Hastalarda antikor pozitif belirlemek amacıyla, antikor pozitif eşik ya da kesme, yukarıdaki üç standart sapma eklenerek her deneyde hesaplandıOND kontrollerin ΔMFI demek. D2R Enc ile: 6/6 hasta insan yüzey D2R IgG antikoru (Şekil 3B) için pozitif oysa NMDAR Enç ile 4/4 hasta, insan yüzey NMDAR IgG antikoru (Şekil 3A) için pozitif teyit edilmiştir. Pozitif hastaların hiçbirinde NMDAR ve D2R hedefleyen antikorlar için çift pozitif idi. NMDAR ve D2R antikorların analiz OND kontrol hiçbirinde tespit edilmedi (Şekil 3A ve 3B). Üç tekrarlanan deneyler üzerinden en az iki eşik değerin üzerinde olsaydı hasta numune pozitif kabul edildi.

Şekil 1. Hücre bazlı bir deneyde sitometri yüksek verimli bir akışı ile antikor tespiti:. Strateji ve veri analizi yolluk Liv E HEK293 CTL hücreleri ve HEK 293 D2R + kararlı transfektanları ileri dağılım (FSC) ve yan dağılım (SSC) (, A, D, sırasıyla% 74.7 ve% 68.5) dayalı kapılı edilmiştir. HEK293 KVK ve HEK293 D2R + hücreler (sırasıyla% 32.8 ve% 95.4; B, E) içinde GFP pozitif hücreler - hücreler (, B, E sırasıyla% 67.2 ve% 4.6) daha untransfected GFP dışlamak için Geçitli edildi. GFP + hücreleri içinde AF647 konjuge edilmiş anti-insan IgG ikincil antikoru ile ilişkili ortalama floresan yoğunluğu (MFI) (= 3.657 HEK293 CTL; HEK293 D2R + = 9128) (C, F) ölçülmüştür. İnsan numuneler için, ΔMFI HEK293 D2R + hücreleri (G) 'den HEK293 CTL hücrelerinin MFI çıkarılarak hesaplandı. D2R antikor tespiti temsili veriler gösterilir. ank "> büyük resmi görebilmek için buraya tıklayın.

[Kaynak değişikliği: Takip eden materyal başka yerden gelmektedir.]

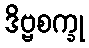
ဒိဗ္ဗစက္ခု
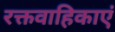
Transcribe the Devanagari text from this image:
रक्तवाहिकाएं
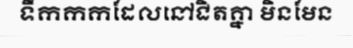
ទឹកកកដែលនៅជិតគ្នា មិនមែន
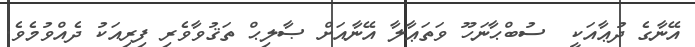
އޭނާގެ ދުޢާއަކީ  ސުބްޙާނަހޫ ވަތަޢާލާ އޭނާއަށް ޞާލިޙް ތަޤުވާވެރި ފިރިއަކު ދެއްވުމެވެ.
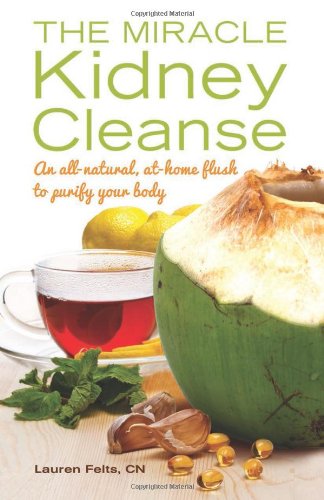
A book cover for The Miracle Kidney Cleanse: The All-Natural, At-Home Flush to Purify Your Body; Lauren Felts; Health, Fitness & Dieting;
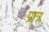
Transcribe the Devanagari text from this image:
प्रात्र
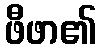
ဖီဖာ၏
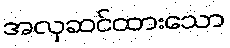
အလှဆင်ထားသော
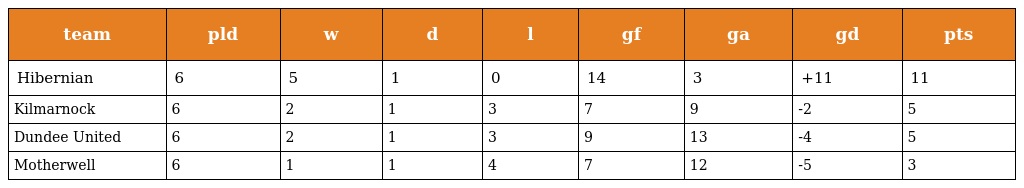
| team | pld | w | d | l | gf | ga | gd | pts |
 | --- | --- | --- | --- | --- | --- | --- | --- | --- |
 | Hibernian | 6 | 5 | 1 | 0 | 14 | 3 | +11 | 11 |
 | Kilmarnock | 6 | 2 | 1 | 3 | 7 | 9 | -2 | 5 |
 | Dundee United | 6 | 2 | 1 | 3 | 9 | 13 | -4 | 5 |
 | Motherwell | 6 | 1 | 1 | 4 | 7 | 12 | -5 | 3 |
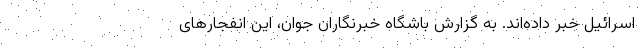
اسرائیل خبر داده‌اند. به گزارش باشگاه خبرنگاران جوان، این انفجارهای
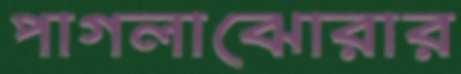
পাগলাঝোরার
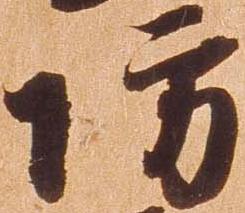
防
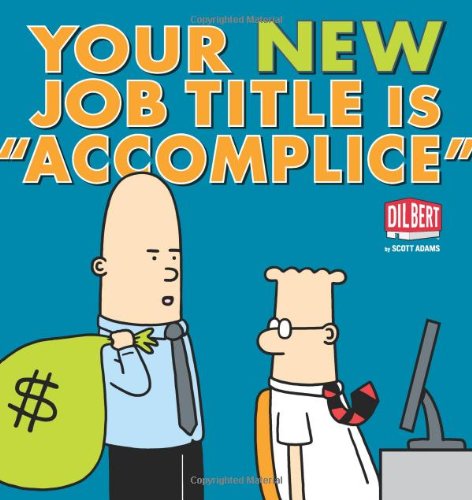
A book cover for Your New Job Title Is "Accomplice": A Dilbert Book (Dilbert Collections); Scott Adams; Comics & Graphic Novels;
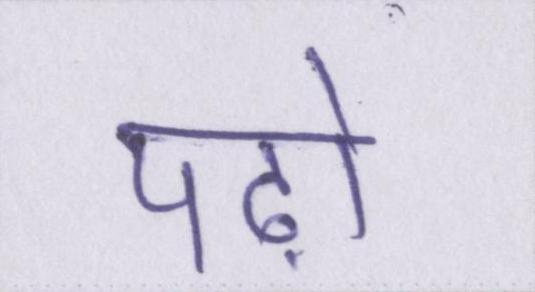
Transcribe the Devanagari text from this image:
पढ़ो
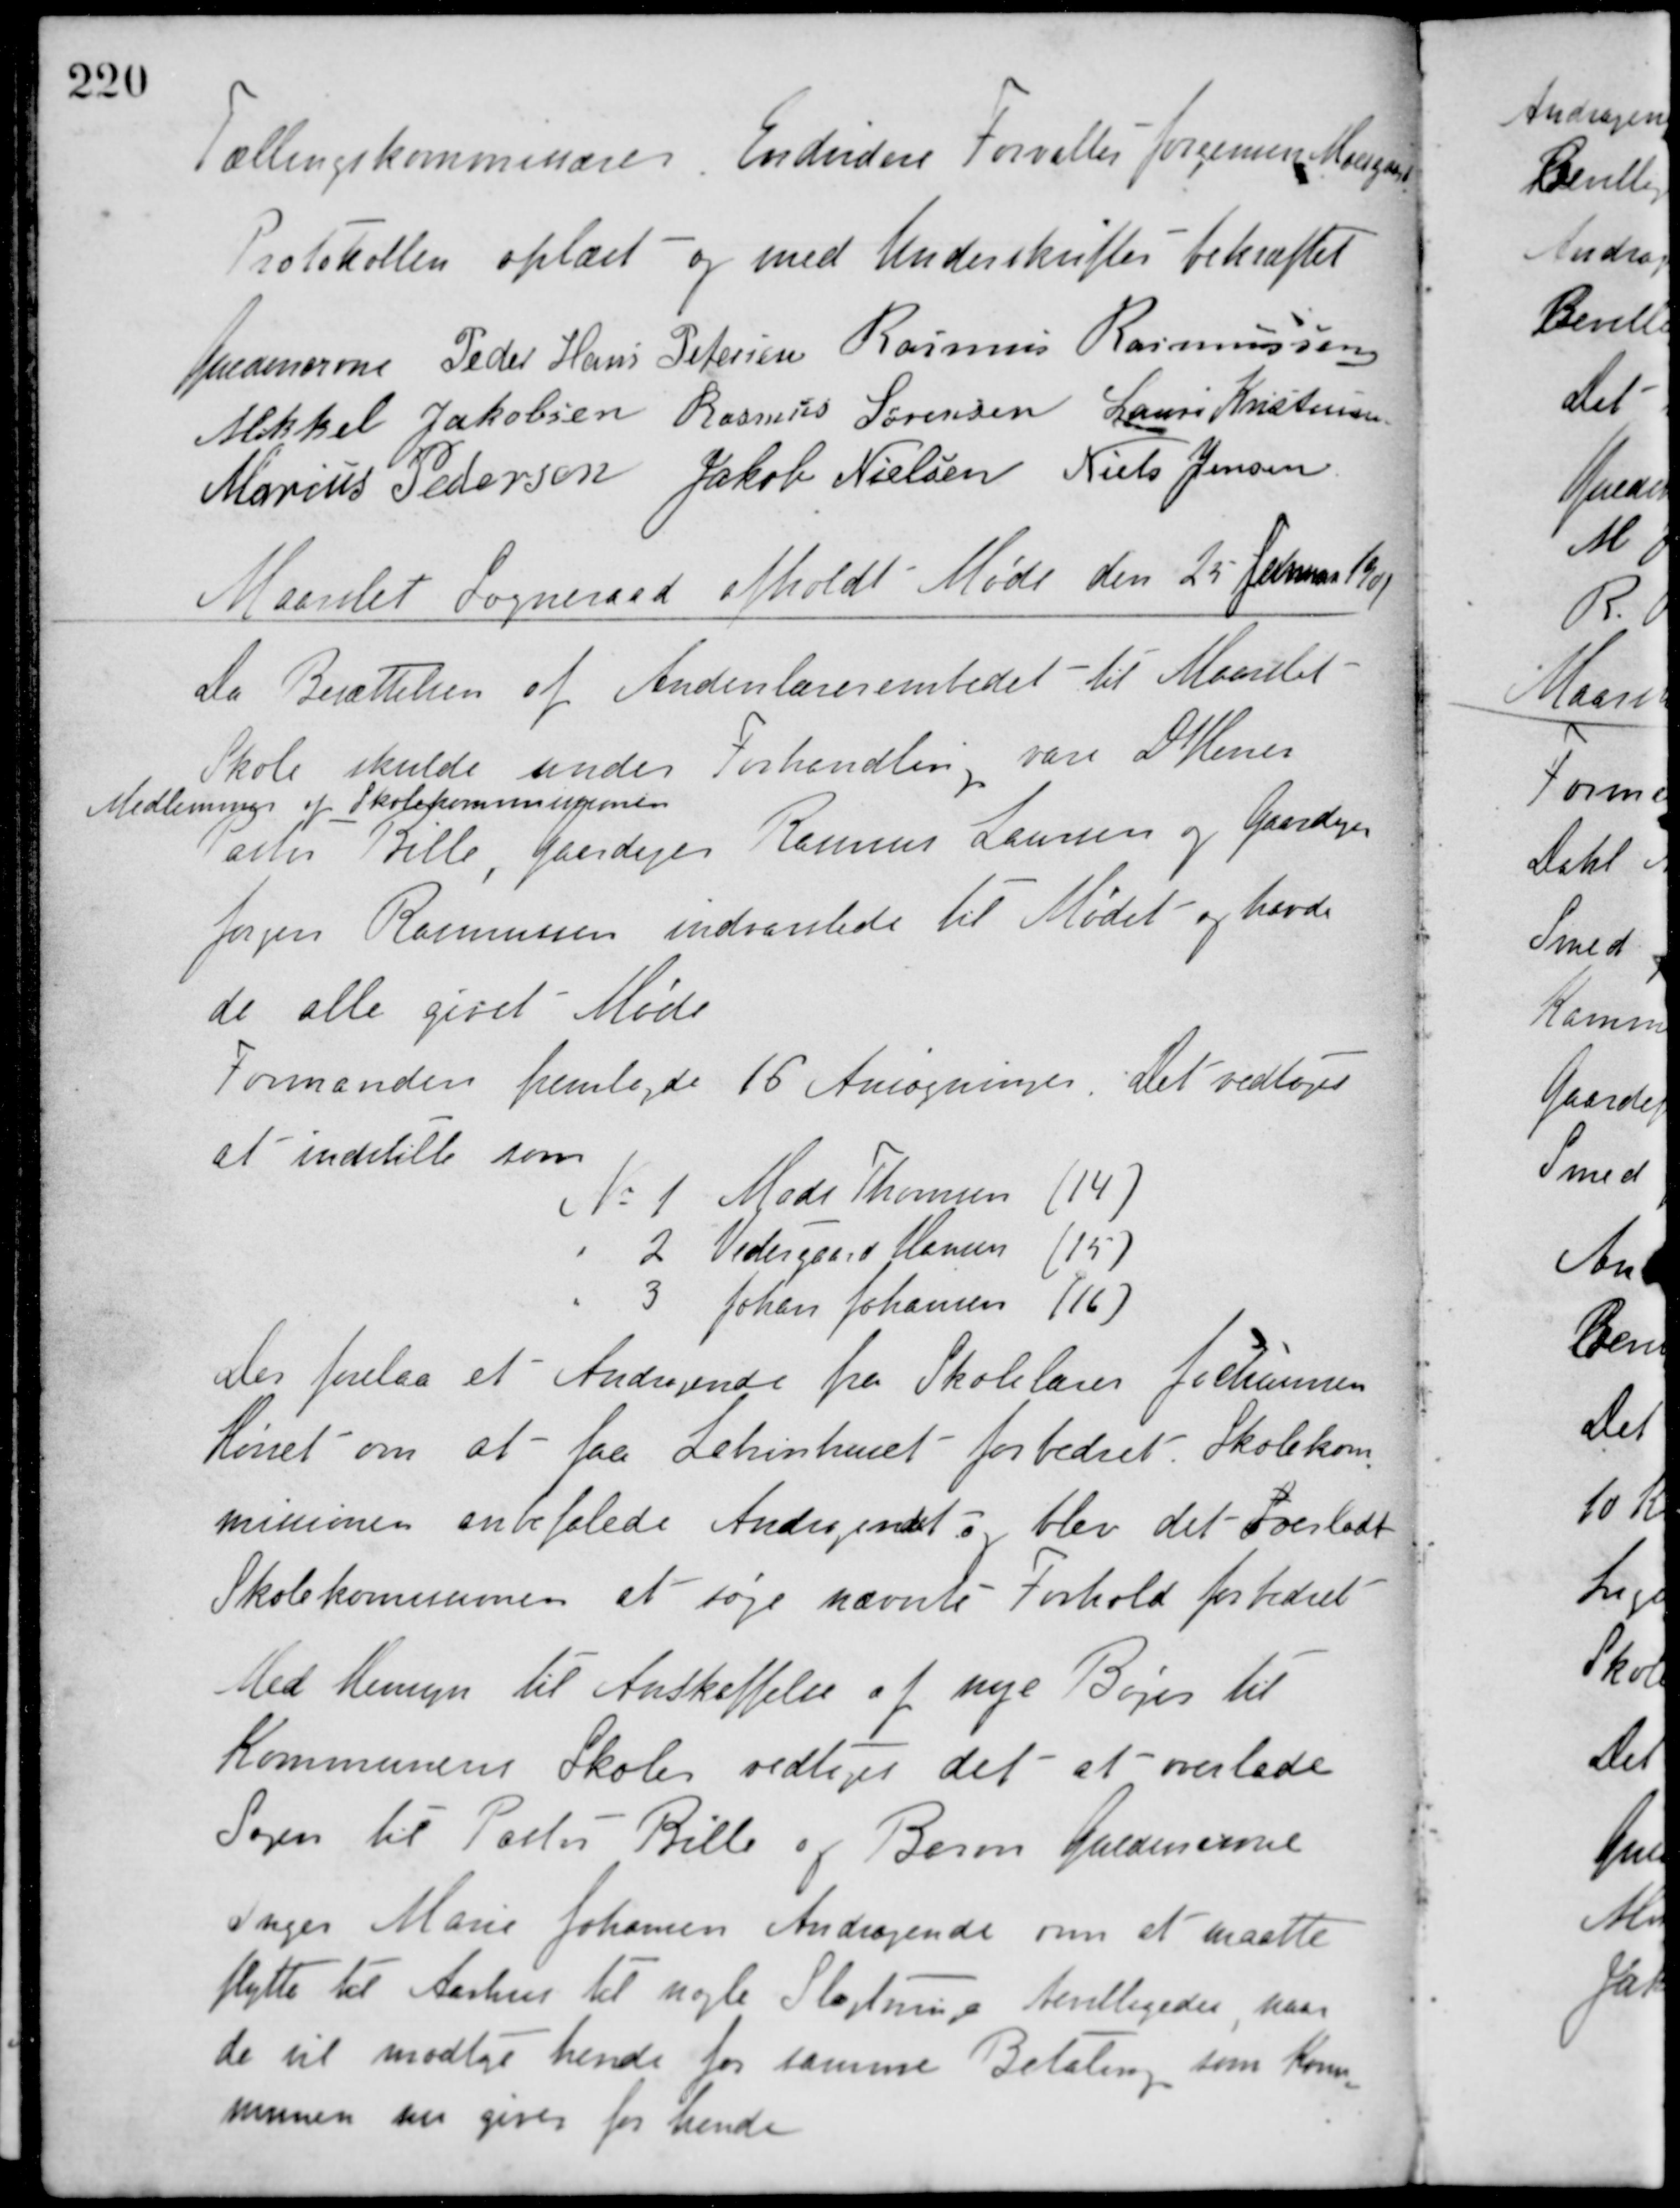
Transskription:
Tællingskommisærer. Endvidere Forvalter Jorcemen Moesgaard.
Protokollen oplæst - og med Underskrifter bekræftet
Guldencrone Peder Hans Petersen Rasmus Rasmussen
Mikkel Jakobsen Rasmus Sørensen Laurs Kristensen
Marius Pedersen Jakob Nielsen Niels Jensen
Maarslet Sogneraad afholdt Møde den 25 Januar 1901
Da Besættelsen af Andenlærerembedet - til Maarslet
Skole skulde under Forhandling vare D'Herrer
Medlemmer af Skolekommissionen
Pastor Bille, Gaardejer Rasmus Laursen og Gaardejer
Jørgen Rasmussen indvarslede til Mødet og havde
de alle givet Møde.
Formanden fremlagde 16 Ansøgninger. Det vedtoges
at indstille som
No 1. Mads Thomsen (14)
- 2 Vedergaard Hansen (15)
- 3 Johan Johansen (16)
Der forelaa et Andragende fra Skolelærer Jochumsen
Hørret om at - faa Latrinhuset - forbedret. Skolekom-
missionen anbefalede Andragendet og blev det overladt
Skolekommissionen at søge nævnte Forhold forbedret.
Med Hensyn til Anskaffelse af nye Bøger til
Kommunens Skoler vedtoges det at overlade
Sagen til Pastor Bille og Baron Guldencrone.
Inger Marie Johansen Andragende om at maatte
flytte til Aarhus til nogle Slægtninge bevilligedes, naar
de vil modtage hende for samme Betaling som Kom-
munen nu giver for hende.
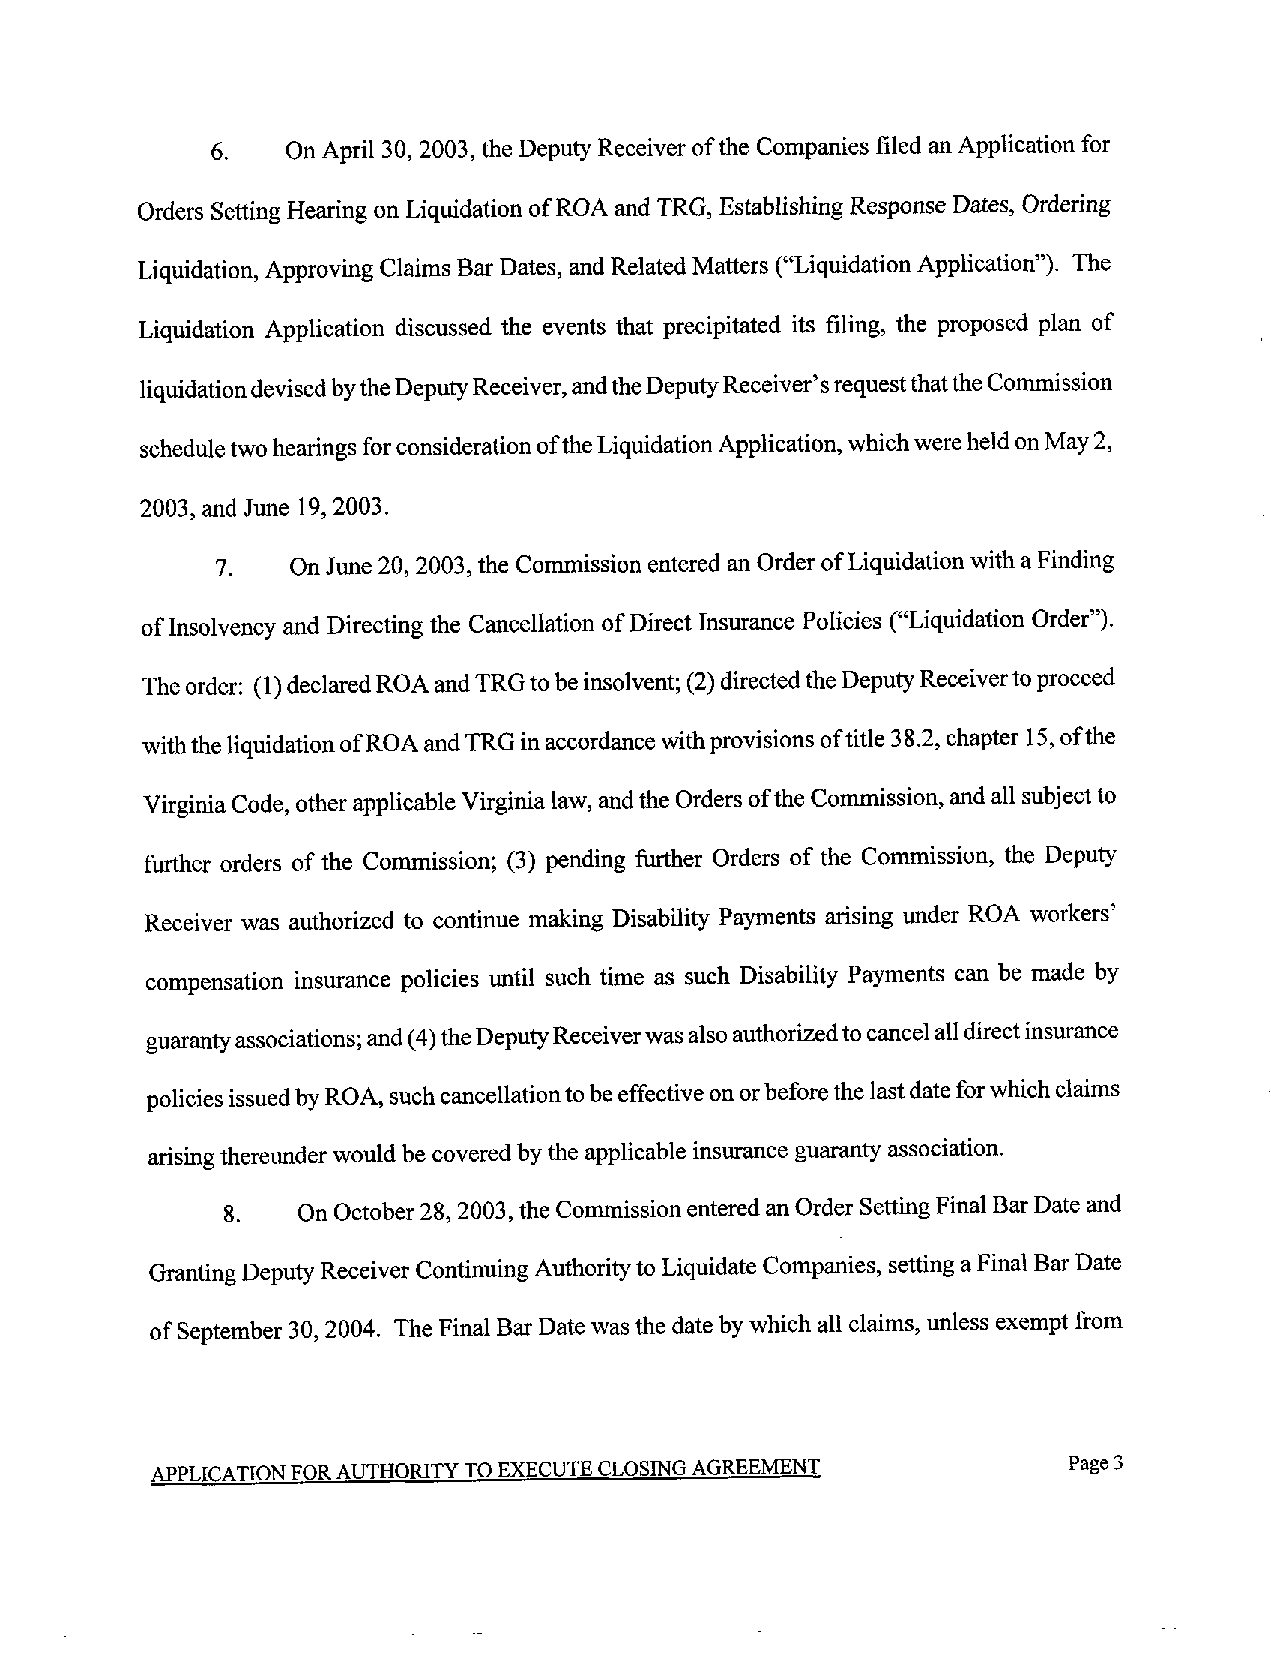
6.   On April 30, 2003, the Deputy Receiver of the Companies filed an Application for
 Orders Setting Hearing on Liquidation of ROA and TRG, Establishing Response Dates, Ordering
 Liquidation, Approving Claims Bar Dates, and Related Matters C'Liquidation Application"). The
 Liquidation Application discussed the events that precipitated its filing, the proposed plan of
 liquidation devised bythe Deputy Receiver, and the Deputy Receiver's request thatthe Commission
 schedule two hearings for consideration of the Liquidation Application, which were held on May 2,
 2003, and June 19, 2003.
 7.   On June 20, 2003, the Commission entered an Order of Liquidation with a Finding
 of Insolvency and Directing the Cancellation of Direct Insurance Policies C'Liquidation Order").
 The order: (1) declared ROA and TRG to be insolvent; (2) directed the Deputy Receiver to proceed
 with the liquidation of ROA and TRG in accordance with provisions of title 3 8.2, chapter 15, of the
 Virginia Code, other applicable Virginia law, and the Orders of the Commission, and all subject to
 further orders of the Commission; (3) pending further Orders of the Commission, the Deputy
 Receiver was authorized to continue making Disability Payments arising under ROA workers'
 compensation insurance policies until such time as such Disability Payments can be made by
 guaranty associations; and (4) the Deputy Receiver was also authorized to cancel all direct insurance
 policies issued by ROA, such cancellation to be effective on or before the last date for which claims
 arising thereunder would be covered by the applicable insurance guaranty association.
 8.   On October 28, 2003, the Commission entered an Order Setting Final Bar Date and
 Granting Deputy Receiver Continuing Authority to Liquidate Companies, setting a Final Bar Date
 of September 30, 2004. The Final Bar Date was the date by which all claims, unless exempt from
 APPLICATION FOR AUTHORITY TO EXECUTE CLOSING AGREEMENT       Page 3

Şekil 2. Hücre bazlı bir deneyde sitometri yüksek verimli bir akış ile belirlenen yüzey NMDAR ve D2R sentezlenmesi. HEK293 NMDAR + (A), HEK293 D2R + (B) ve HEK293 CTL hücreleri uygun bir ikincil antikor, ardından birincil antikor seri seyreltileri ile boyandı. NMDAR ve D2R yüksek yüzey ifadesi gözlendi. Bu birincil antikor artan konsantrasyonları ile artmıştır olarak MFI değerleri antikor titresi ile korelasyon göstermiştir. Beklendiği gibi, HEK293 CTL hücrelerinde yüzey NMDAR veya D2R hiçbir tespiti vardı. Örnek verileri gösterilir.boş "> büyük resmi görebilmek için buraya tıklayın.

Şekil 3,. Hastaların. NMDAR ensefalit Sera (NMDAR Enç, n = 4), diğer nörolojik hastalıklar, D2R antikor ilişkili ensefalit (D2R Enç, n = 6) hasta, ya da kontroller (OND bir kohort yüzey NMDAR ve D2R antikorların tespiti Onaylandı , n = 26 ya da 24), canlı HEK293 NMDAR +, HEK293 D2R + ve CTL HEK293 hücreleri ile kuluçkalanmıştır AF647-konjüge edilmiş anti-insan IgG ikincil antikoru ile takip edildi. OND kontrol (0/26 ve 0/24) ya da yok oldu ise yüzey NMDAR ve D2R antikorlar, 4/4 NMDAR Enc hastaya (A) ve sırasıyla 6/6 D2R Enc hastada (B), serumunda tespit edilmiştir antikoru (A, B). Dottegrafikler d çizgi OND kontrollerin ortalama ΔMFI üç standart sapma eklenerek hesaplanan pozitiflik eşiği temsil eder. Üç deneyler üzerinden temsili nokta araziler gösterilmiştir. resmi büyütmek için buraya tıklayın .

Çıkar çatışması: Bir patent otoantikorlar için hedef olarak D2R iddia FB ve RCD (Sydney Üniversitesi) tarafından dava açılmıştır.